Miguel Bonnefoy s’était fait remarquer avec son premier
roman « Le voyage d’Octavio »
qui nous donnait à parcourir son pays natal, le Venezuela, dans un déluge de
situations homériques et de phrases d’un français coloré et explosif appris sur
les bancs de l’école dans cette France devenue son pays d’adoption et de vie.
Une recette qu’il reprend en grande partie pour son deuxième roman « Sucre noir » que les lecteurs
attentifs ne manqueront pas de percevoir comme une sorte de suite à distance du
premier opus.
C’est sur une séquence d’anthologie que s’ouvre d’ailleurs
le récit du jeune écrivain. Voici que le navire du redoutable corsaire Henry
Morgan, qui pilla les mers des Caraïbes au milieu du XVIIème siècle, s’échoue
au sommet d’un arbre, pris au piège de marais sableux des côtes d’un pays qui
n’est autre qu’une nouvelle version de ce même Venezuela. S’en suit une
bataille à mort entre membres d’équipage tant pour se partager les vivres que
l’or dont le sanguinaire capitaine, malade et à bout de souffle, refuse de se
séparer.
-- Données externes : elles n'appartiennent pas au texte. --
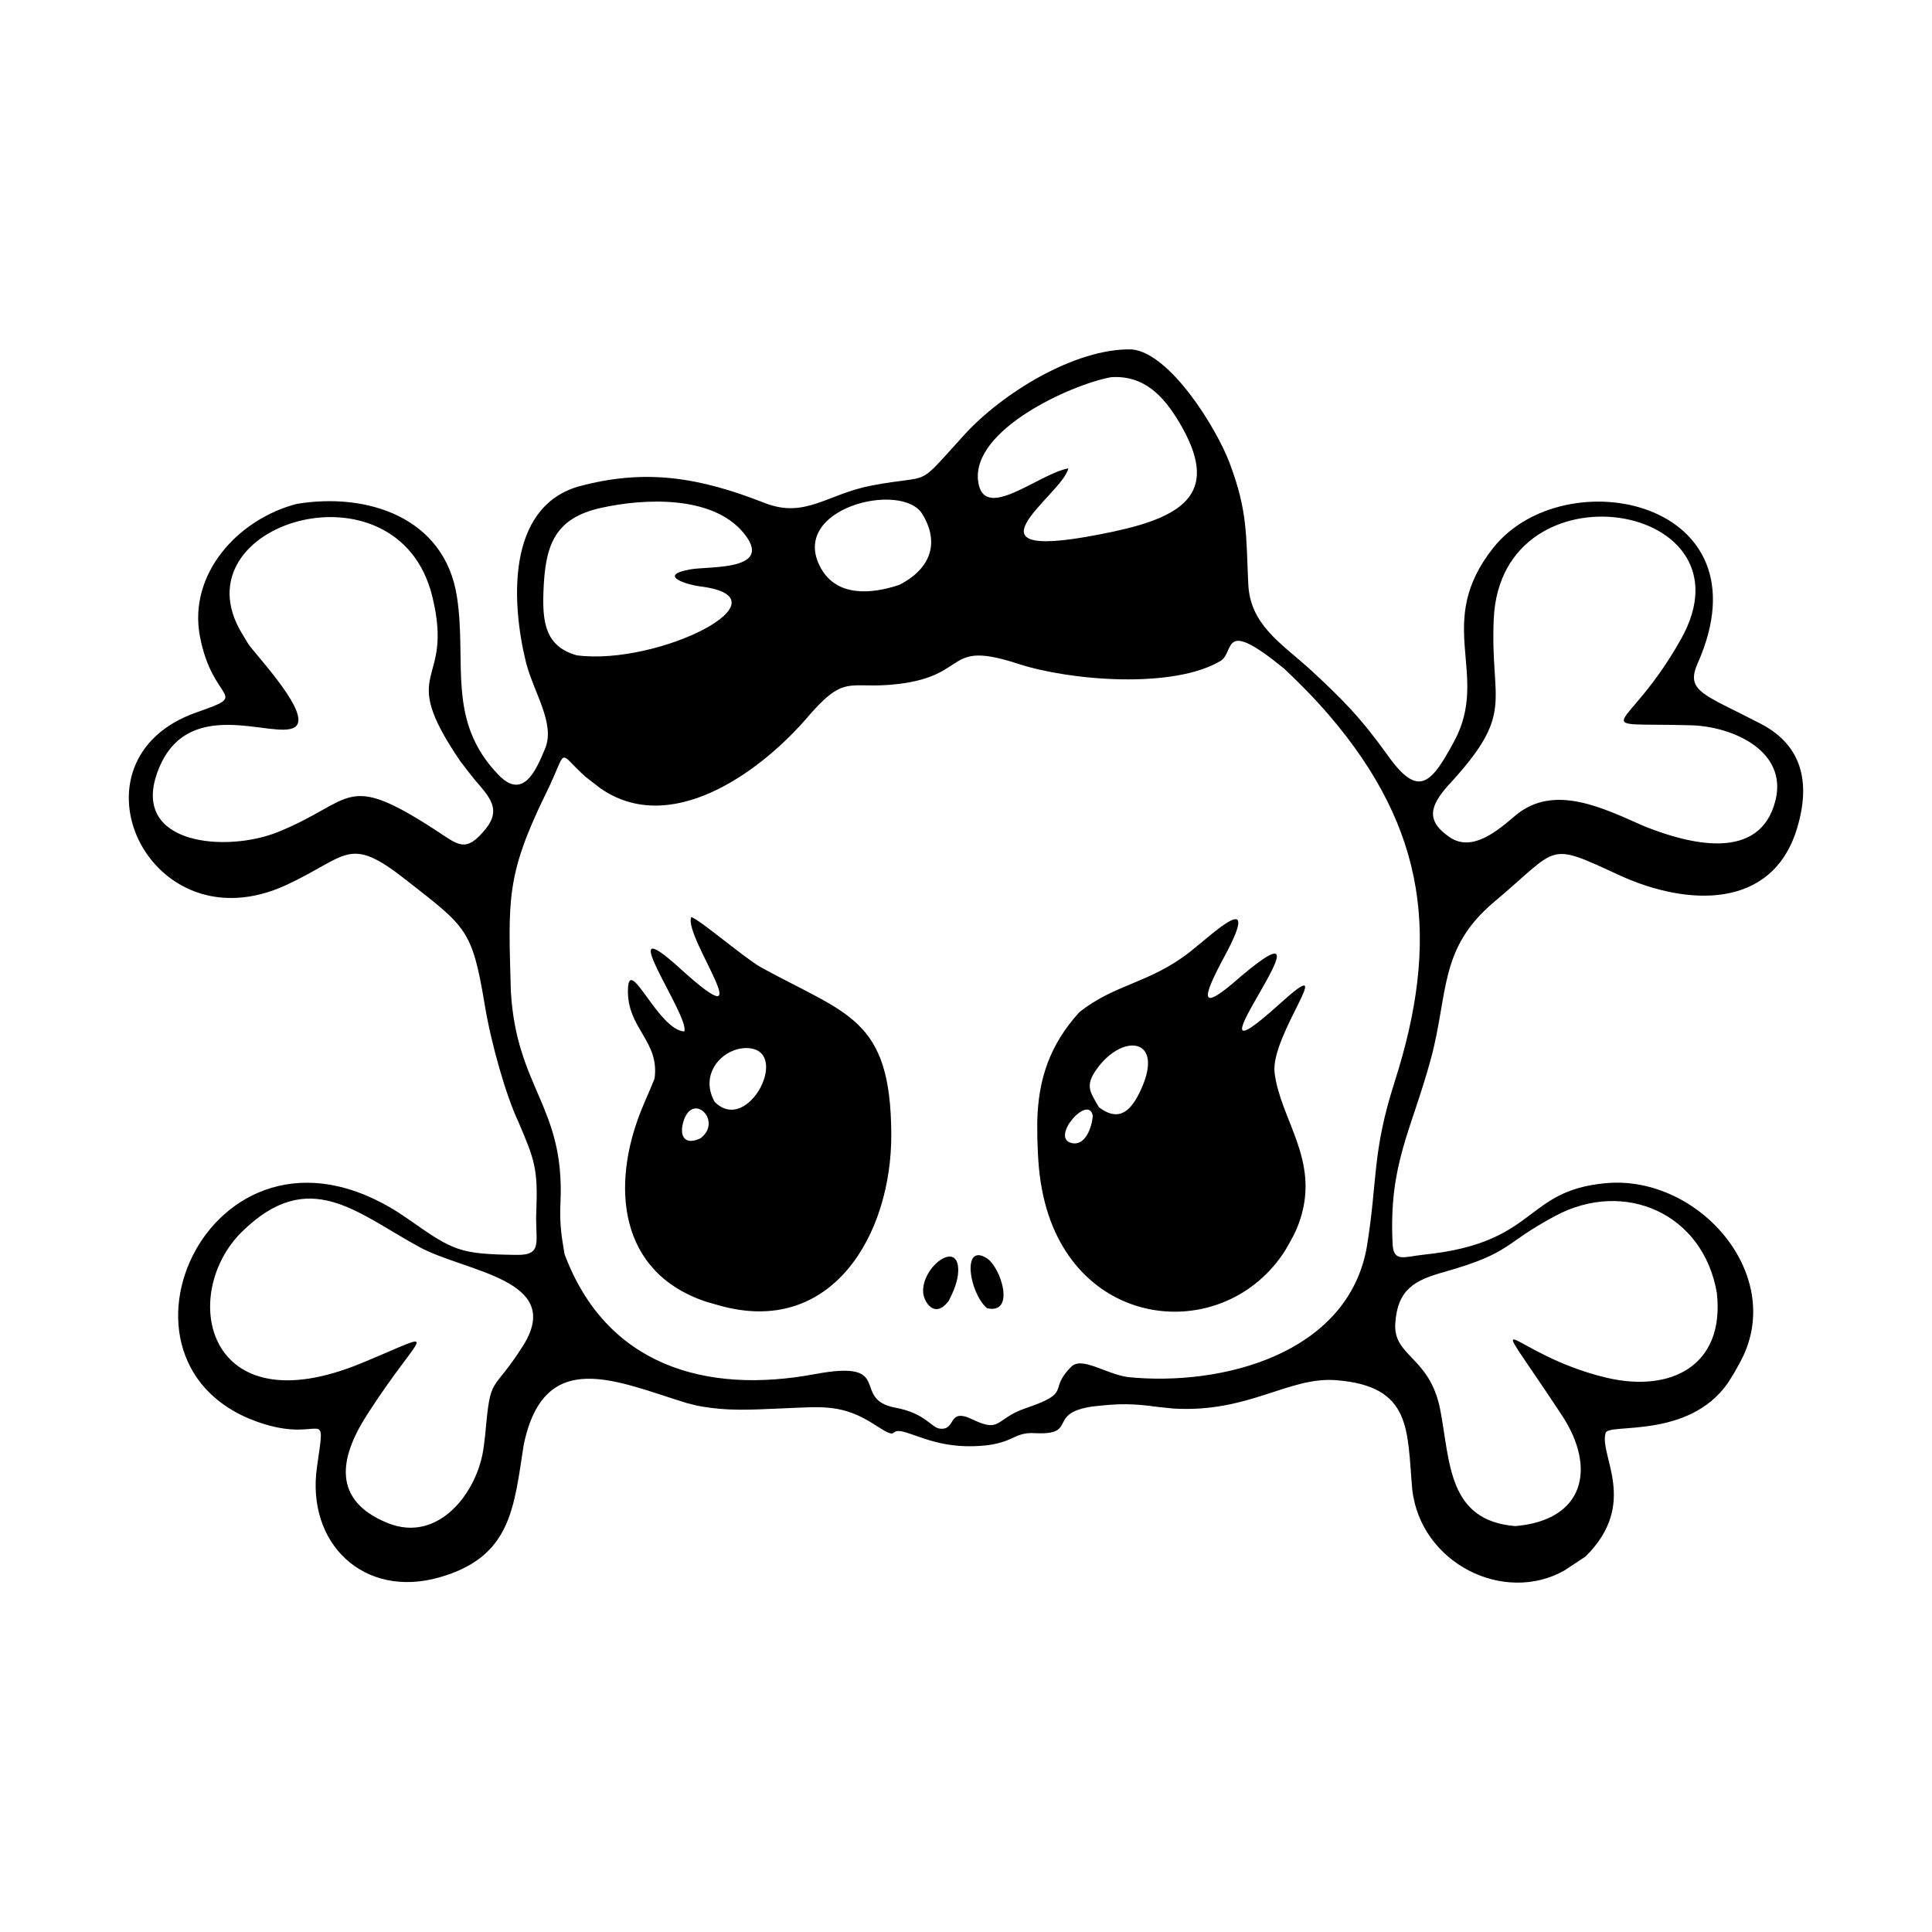 <svg width="1500" height="1500" viewBox="0 0 1500 1500" xmlns="http://www.w3.org/2000/svg">
  <!-- Original SVG transformed and centered -->
  <svg x="100.0" y="271.272" width="1300" height="957.457" viewBox="0 0 357.92 263.61">
    >    <path class="cls-1" d="M209.87,5.96c-8.61,1.62-29.6,11.2-28.33,22.11,1.06,9.12,12.85-1.45,19.28-2.64-1.03,5.6-26.09,21.12,9.63,13.52,15.69-3.34,22.82-8.69,14.11-23.33-3.41-5.74-7.62-10.19-14.69-9.67M164.66,50.36c6.3-3.19,8.96-8.61,4.97-15.16-4.39-7.19-28.76-1.21-21.7,11.54,3.47,6.27,10.95,5.54,16.73,3.61ZM95.72,65.39c17.6,2.31,46.34-12.3,26.33-14.74-2.33-.28-9.46-2.29-2.01-3.63,4.04-.73,18.2.37,11.31-7.87-6.7-8.01-21.22-7.33-30.47-5.26-10.13,2.26-11.92,8.31-12.25,18.07-.22,6.45.47,11.55,7.09,13.42ZM324.17,102.02c9.12,3.61,24.49,7.77,27.82-5.6,2.65-10.64-9.23-15.83-18-16.07-23.37-.65-13.99,2.64-2.16-18.48,16.41-29.32-38.45-38.2-40.05-4.37-.87,18.35,4.93,19.9-9.88,35.85-3.59,4.12-4.85,7.33.46,10.93,4.89,3.32,10.4-1.57,14.02-4.62,8.3-7.02,19-1.49,27.79,2.37ZM70.8,87.94c-13.81-20.35-1.11-15.54-5.93-35.16-7.38-29.99-54.95-15.58-40.67,7.96l1.35,2.23c1.76,2.56,13.91,15.32,9.9,17.81-4.45,2.76-23.39-7.43-29.43,9.87-5.36,15.35,14.94,16.92,25.82,12.53,16.36-6.59,14.08-13.17,33.63-.49,4.97,3.22,6.51,5.16,10.86-.25,3.82-4.75-.19-7.57-3.27-11.56l-2.26-2.93ZM207.39,162.01c4.44,3.34,7,.61,9.06-3.98,4.93-11.02-4.16-11.93-9.67-4.02-2.38,3.41-1.31,4.72.61,8.01ZM206.06,163.82c-.89-4.75-9.22,4.72-4.51,5.83,2.96.7,4.35-3.49,4.51-5.83ZM203.17,141.7c7.59-6.08,14.99-6.14,23.63-12.89,4.95-3.87,15.54-14.14,7.39.99-4.94,9.17-5.48,12.2,3.52,4.23,23.08-19.5-15.38,27.27,8.3,5.87,13.3-12.02-2.1,6.7-1.08,14.77,1.26,10,9.63,18.58,5.46,31.32-.85,2.61-1.82,4.22-3.17,6.57-12.82,20.28-45.2,17.57-51.71-11.49-.99-4.43-1.15-7.89-1.3-12.38l-.02-3.54c.2-9.24,2.73-16.56,8.99-23.46ZM183.43,204.95c-3.83-3.43-5.35-13.87-.15-10.76,3.2,1.91,6.35,12.21.15,10.76ZM175.27,203.38c-3.09,4.07-5.35.1-5.47-1.81-.35-5.44,7.57-11.39,7.5-4.65-.03,2.25-1.04,4.49-2.02,6.46ZM125.24,160.85c7.22,7.28,16.62-11.57,6.69-11.5-5,.04-10.09,5.5-6.69,11.5ZM122.17,168.65c5-3.69-1.88-10.41-3.72-3.21-.74,2.9.54,4.71,3.72,3.21ZM112.38,155.9c1.16-8.14-5.99-10.75-5.68-19.21.26-7.23,6.48,8.78,12.04,9.11,1.3-3.17-16.11-27.28-.9-13.47,18.41,16.72.62-6.88,2.39-10.97,1.59.34,11.29,8.66,14.82,10.68,18.56,10.22,27.82,10.8,27.94,35.71.1,21.39-12.67,43.43-36.76,36.62l-2.52-.71c-19.21-6.2-20.68-25.06-14.06-41.29.89-2.18,1.85-4.26,2.73-6.47ZM246.94,68.22c-13.34-10.9-10.54-3.83-13.4-1.73-10.13,6.2-32.42,4.32-43.43.72-15.95-5.21-10.15,2.56-25.89,4.34-10.75,1.22-10.96-2.61-19.81,7.85-10,11.31-28.8,24.81-43.68,14.36l-3.14-2.43c-6.24-5.68-3.59-6.21-8.4,3.54-8.62,17.65-8.07,22.66-7.52,42.42,1.23,20.68,11.5,24.52,10.61,44.88-.2,4.49.1,6.7.85,11.18,8.86,23.8,30.11,30.06,53.49,25.7,17.4-3.25,7.47,5.36,17.25,7.17,6.4,1.18,7.64,4.24,9.45,4.47,3.74.48,1.5-4.64,7.1-1.93,6.06,2.93,4.81-.21,11.25-2.41,10.25-3.49,4.64-3.74,9.78-8.88,2.28-2.28,7.38,1.54,12.11,2.21,20.1,2.03,46.91-4.92,51.05-27.65,2.39-14.46,1.06-20.09,5.97-35.45,9.7-30.3,7.08-53.87-14.15-78.55-3.05-3.54-6.11-6.61-9.49-9.82ZM296.37,251.53c14.73-1.24,17.46-12.31,9.96-23.7-17.93-27.21-11.59-13.01,9.58-8.01,13.62,3.22,25.3-2.48,23.55-18.14-2.93-17.06-19.79-24.32-34.49-16.48-11.51,6.15-9.07,7.79-23.66,11.98-6.44,1.75-10.13,3.74-10.59,11.06-.44,7.09,7.37,7.01,9.6,18.36,2.16,11.01,1.49,23.76,16.05,24.93ZM76.2,231.83c1.16-13.01,1.32-8.24,8.03-18.78,9.08-14.28-12.22-15.79-22.11-21.17-13.51-7.35-23.57-17.31-37.89-3.31-13.56,13.27-7.93,41.9,25.43,28.16,18.02-7.42,13.1-7.44,1.24,11.04-5.86,9.13-7.57,18.27,4.5,23.13,10.85,4.36,19.25-6.69,20.46-16.28l.35-2.79ZM83.26,165.07c-2.59-5.44-5.81-16.65-7.16-24.89-2.73-16.4-3.96-16.67-17-26.9-12.19-9.57-12.28-4.9-25.37,1.18-29.55,13.72-48.19-26.73-19.27-36.86,11.9-4.17,3.45-1.78.73-16.34-2.49-13.31,8.19-25.01,20.74-28.24,15.08-2.49,31.55,2.89,34.2,19.76,2.21,14.08-2.35,26.53,8.91,38.19,5.25,5.43,8.01-.95,9.96-5.67,2.23-5.38-2.56-12.11-4.14-18.58-3.03-12.41-4.18-32.69,11.03-37.35,14.65-4.03,26.22-1.96,40.04,3.46,8.67,3.4,13.35-1.92,22.86-3.73,13.49-2.57,9.01.98,19.89-10.93C186.68,9.41,202.27-.3,214.41,0c8.22.79,18.09,16.86,20.87,24.21,3.93,10.39,3.52,15.4,4.02,25.96.4,8.55,6.73,12.43,12.94,17.98,7.23,6.63,11.2,10.71,16.94,18.73,6.5,9.08,9.21,6.04,14.15-3.14,7.74-14.4-4.52-25.18,8.36-41.35,15.21-19.09,59.18-10.22,43.67,24.72-2.67,6.03,1.32,6.59,13.48,12.91,9.07,4.71,10.63,12.85,7.78,22.32-5.29,17.56-23.56,16.62-37.78,10.16-15.94-7.35-12.79-6.32-27,5.62-11.86,9.96-9.72,19.57-13.51,33.54-4.19,15.45-9.04,22.43-8.18,39.55.2,4.07,2.54,2.72,6.75,2.29,24.49-2.54,21.13-13.64,38.8-15.27,19.99-1.85,38.94,19.95,28.63,38.46l-1.16,2.09-1.35,2.16c-8.39,12.03-25.44,8.56-26.12,10.64-1.53,4.72,7.21,15.11-4.32,26.46l-4.49,2.97c-12.93,7.32-30.75-1.51-32.54-17.32-1.13-12.7,0-22.08-16.27-23.35-10.16-.8-18.72,7.05-34.82,6.06l-3.11-.32c-5.68-.78-8.32-.78-14.1-.12-10.01,1.43-2.94,6.22-12.46,5.7-4.82-.26-4.41,2.61-13.2,2.8-8.32.19-13.25-3.18-15.81-3.25-1.79-.04-.27,1.83-4.97-1.25-7.12-4.66-11.45-3.92-19.92-3.59-6.58.26-11.67.68-18.22-.59l-2.11-.52c-15.07-4.63-30.54-12.26-34.94,8.89-2.12,13.48-2.63,23.98-18.06,28.35-16.21,4.59-28.45-7.34-26.14-23.56,1.92-13.5,1.4-5.39-11.12-9.17-38.92-11.75-10.74-72.93,30.57-43.9,9.77,6.87,10.96,7.52,23.27,7.69,5.83.08,3.82-3.07,4.18-9.54.34-8.89-.39-10.86-3.86-18.94Z"/> 
  </svg>
</svg>

Depuis, la légende de l’existence d’un trésor fabuleux enfoui là où le bateau finit par disparaître corps
et âme n’a cessé de hanter l’esprit des hommes.
Près de trois siècles plus tard, les rivages sont désormais
habités et les marais sont devenus de fertiles champs propres à nourrir ceux
qui s’en occupent et bien au-delà. Mais la légende du trésor perdure et attire
toujours des aventuriers prêts à retourner des kilomètres de terres sous un
soleil brûlant pour tenter leur chance.
L’un d’entre eux, après s’être épuisé en vain sans jamais
rien trouver, finira par épouser la fille de la famille qui l’héberge pour
devenir, à force de labeur, de détermination et grâce à l’aide avisée d’une
épouse douée en affaires, le principal producteur de la nouvelle richesse du
pays : le sucre noir, cette mélasse extraite de la canne à sucre à partir
de laquelle s’élabore un rhum que l’on s’arrache dans le monde entier à prix
d’or.
Usant du sucre noir comme une métaphore à peine déguisée de
l’or noir dont le Venezuela est un important producteur, Miguel Bonnefoy
s’attache à nous montrer comment la folie des hommes, la cupidité, la soif de
pouvoir absolu finissent par faire d’un paradis sur terre un enfer pour tous.
On retrouve pour cela la langue hyperbolique qu’aime à manier l’auteur. Une
langue qui magnifie les femmes dont les corps et les charmes sont faits pour
envoûter les hommes. Une langue qui empile des situations cocasses dont l’issue
ne peut être qu’un apocalypse provoqué non par la colère divine mais par l’égoïsme
humain.
Voici un roman original, aux phrases colorées mais d’une
réelle noirceur, qui confirme le talent d’un jeune écrivain.